R-squared on training set :  0.37
R-squared on test set :  0.26
Mean Squared Error on training set :  299286476023.55
Root Mean Squared Error on training set :  547070.81
Mean Squared Error on test set :  351859581866.52
Root Mean Squared Error on test set :  593177.53


- The introduction of weights based on the number of observations per store make it worse!

## **Conclusions**

*   The linear regression baseline model overfits since the number of observations is very low.
*   The best model is a linear regression model with Ridge regularization with a regularization strength of 0.1.
*   Lasso didn't help to drop potential non-impactful features (we have already dropped 'DayOfWeek').
*   Introducing weights based on the number of observations per store made the model even worse.







In [None]:
# Create bar plot using Plotly
fig = px.bar(
    coefficients_df_lasso,
    x="Feature",
    y="Coefficient",
    title="Feature Coefficients of Ridge Regression Model",
)
fig.update_xaxes(tickangle=45)  # Rotate x-axis labels for readability
fig.show()


*   The store is the most impactful feature on the weekly sales which is expected since the surface area, the surroundings and the geographic location are important factors.

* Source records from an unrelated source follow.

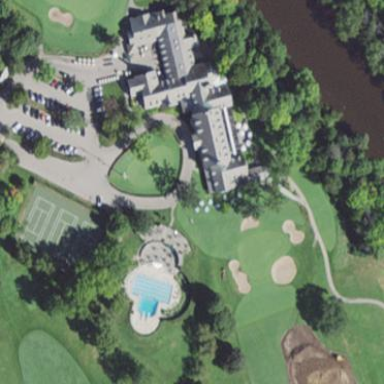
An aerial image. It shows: Retail building serving as golf clubhouse.
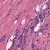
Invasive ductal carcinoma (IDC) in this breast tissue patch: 1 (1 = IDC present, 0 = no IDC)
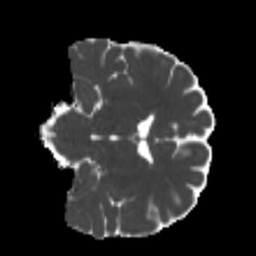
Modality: MD
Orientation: coronal
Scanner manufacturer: siemens
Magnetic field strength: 3 T
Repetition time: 4 s
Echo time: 0.0594 s
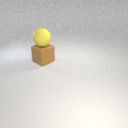
large yellow rubber sphere above large brown rubber cube
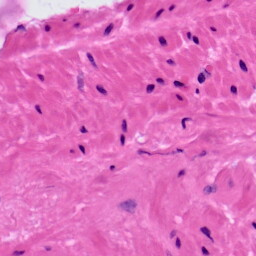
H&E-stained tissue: Prostate
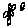
Label: flower
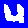
Digit: 4
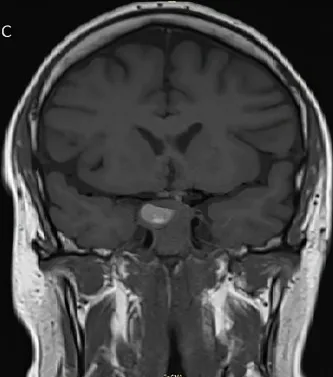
T1-weighted pituitary magnetic resonance imaging before . (C) Pre-CAPTEM pituitary coronal image shows invasion of clivus and protrusion into the sphenoid sinus.
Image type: radiology (mri)
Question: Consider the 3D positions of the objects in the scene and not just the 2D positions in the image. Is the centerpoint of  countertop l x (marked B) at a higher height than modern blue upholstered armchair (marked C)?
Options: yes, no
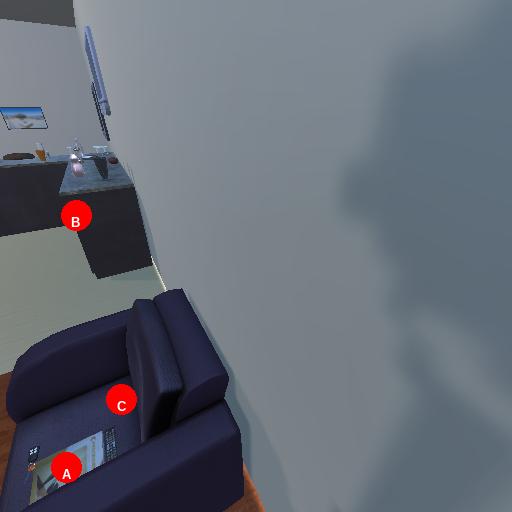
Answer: yes
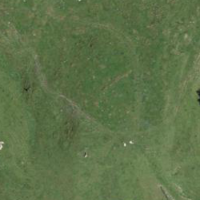
EUNIS habitat code: 25
Species observed at this site:
Viola calcarata
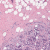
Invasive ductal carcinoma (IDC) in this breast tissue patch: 1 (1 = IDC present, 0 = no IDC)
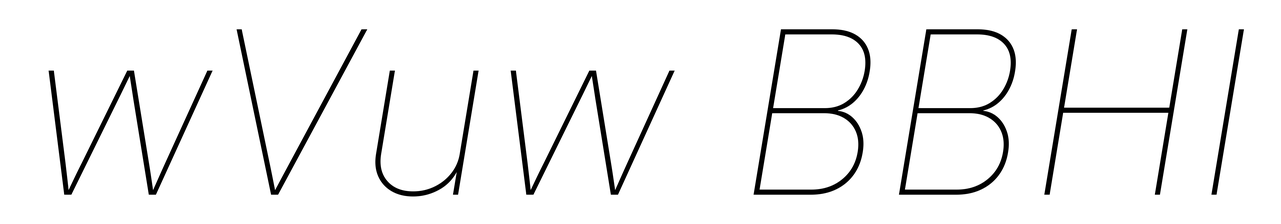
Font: Inter-Italic_Thin_Italic
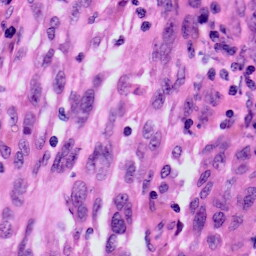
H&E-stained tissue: Skin
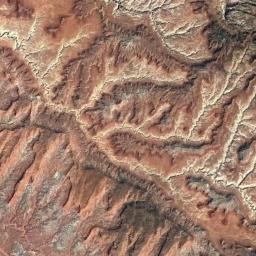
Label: mountain
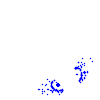
Particle: pion
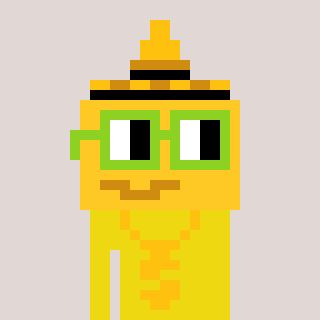
a pixel art character with square light green glasses, a mustard-shaped head and a yellow-colored body on a warm background
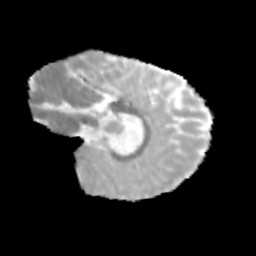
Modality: MD
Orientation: sagittal
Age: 13
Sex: male
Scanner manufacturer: siemens
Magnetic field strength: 3 T
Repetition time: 3.8 s
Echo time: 0.07 s
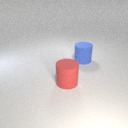
large red rubber cylinder in front of large blue rubber cylinder
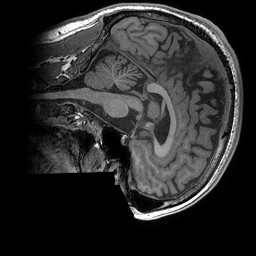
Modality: T1w
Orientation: sagittal
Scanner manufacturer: ge
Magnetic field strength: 3 T
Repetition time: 0.008156 s
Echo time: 0.00318 s
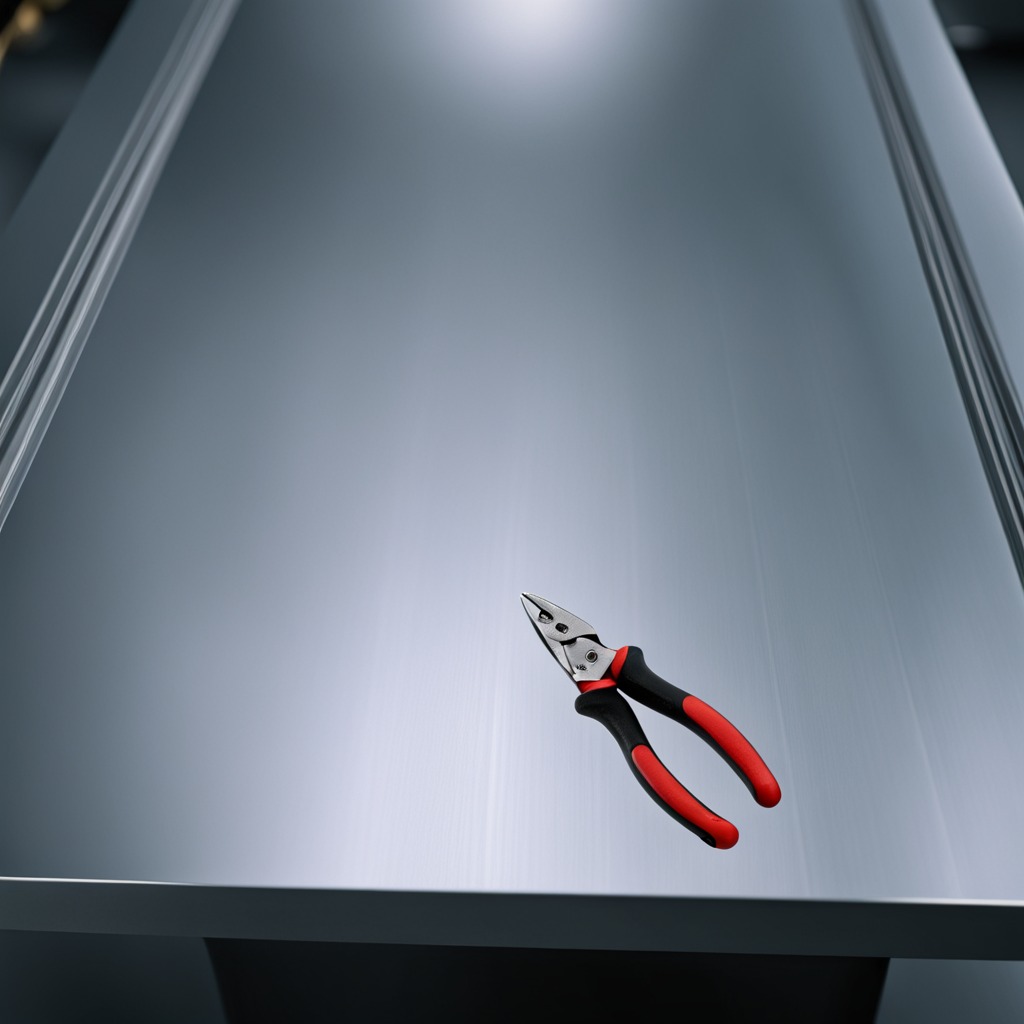
A plier is lying on a metal table in a machine shop under fluorescent lights.
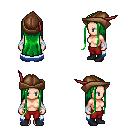
a pixel art fantasy rpg character, female body template, human, light skin, white trimmed cape, red pants, green extra-long hairstyle, leather cap, white cloth bandages, black shoes, four views (front, back, left, right), 2x2 character sprite sheet, small pixel art, hard edges, no anti-aliasing
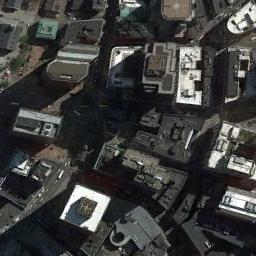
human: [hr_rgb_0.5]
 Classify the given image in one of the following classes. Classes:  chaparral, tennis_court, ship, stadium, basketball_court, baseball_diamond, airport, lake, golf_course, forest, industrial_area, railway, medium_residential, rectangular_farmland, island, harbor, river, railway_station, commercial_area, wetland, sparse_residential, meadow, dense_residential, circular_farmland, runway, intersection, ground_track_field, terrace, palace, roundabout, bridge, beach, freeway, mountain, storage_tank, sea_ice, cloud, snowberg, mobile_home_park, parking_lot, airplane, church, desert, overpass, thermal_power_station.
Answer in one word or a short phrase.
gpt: commercial_area
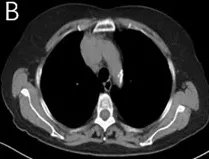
Mediastinal window.
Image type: radiology (ct)
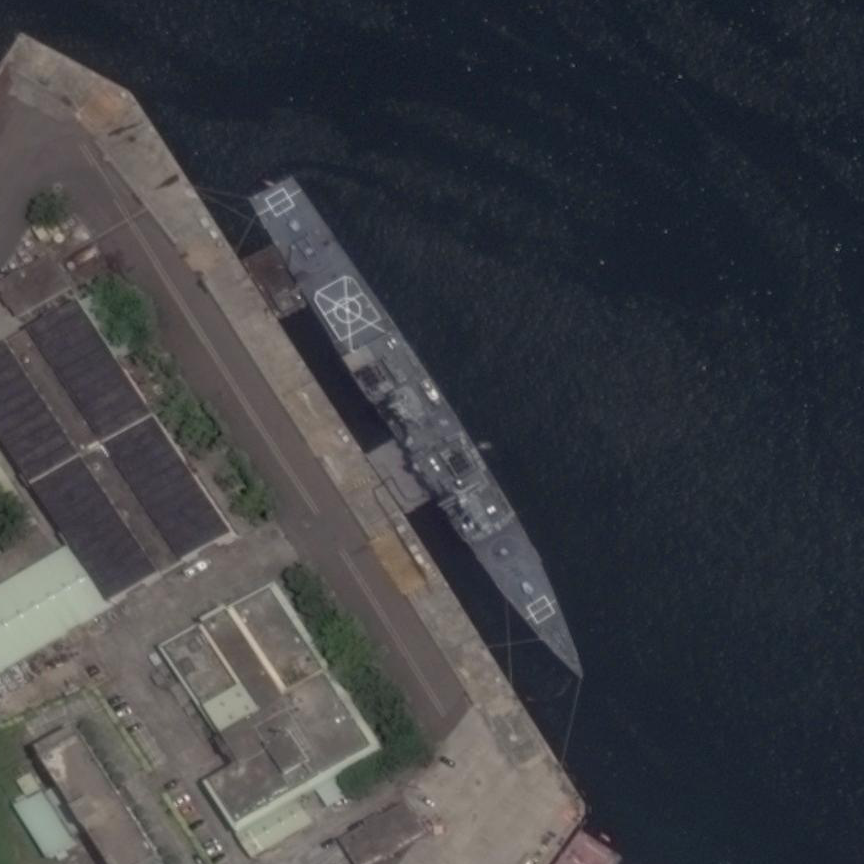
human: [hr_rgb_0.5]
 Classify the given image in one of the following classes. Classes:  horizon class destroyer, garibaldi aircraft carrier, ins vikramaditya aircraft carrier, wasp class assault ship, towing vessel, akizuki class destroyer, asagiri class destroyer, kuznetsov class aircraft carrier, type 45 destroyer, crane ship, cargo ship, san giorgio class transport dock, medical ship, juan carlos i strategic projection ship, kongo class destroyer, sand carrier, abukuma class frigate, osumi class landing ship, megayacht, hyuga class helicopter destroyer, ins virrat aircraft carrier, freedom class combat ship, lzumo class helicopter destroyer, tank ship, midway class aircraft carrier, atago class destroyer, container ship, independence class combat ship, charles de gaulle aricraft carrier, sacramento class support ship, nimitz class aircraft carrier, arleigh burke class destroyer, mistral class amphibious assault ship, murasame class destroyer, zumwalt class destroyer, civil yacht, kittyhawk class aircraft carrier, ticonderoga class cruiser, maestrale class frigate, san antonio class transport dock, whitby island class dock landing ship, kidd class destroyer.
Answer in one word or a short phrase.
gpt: Ticonderoga class cruiser

Some stores have a positive impact on the weekly sales while others have a negative one such as store 5, 3 and 9. Here were Walmart should put an effort and try to understand what characteristic in a store make it more profitable.


*   The CPI (Prevailing Consumer Price Index) impacts also the weelky sales and it's related to the location.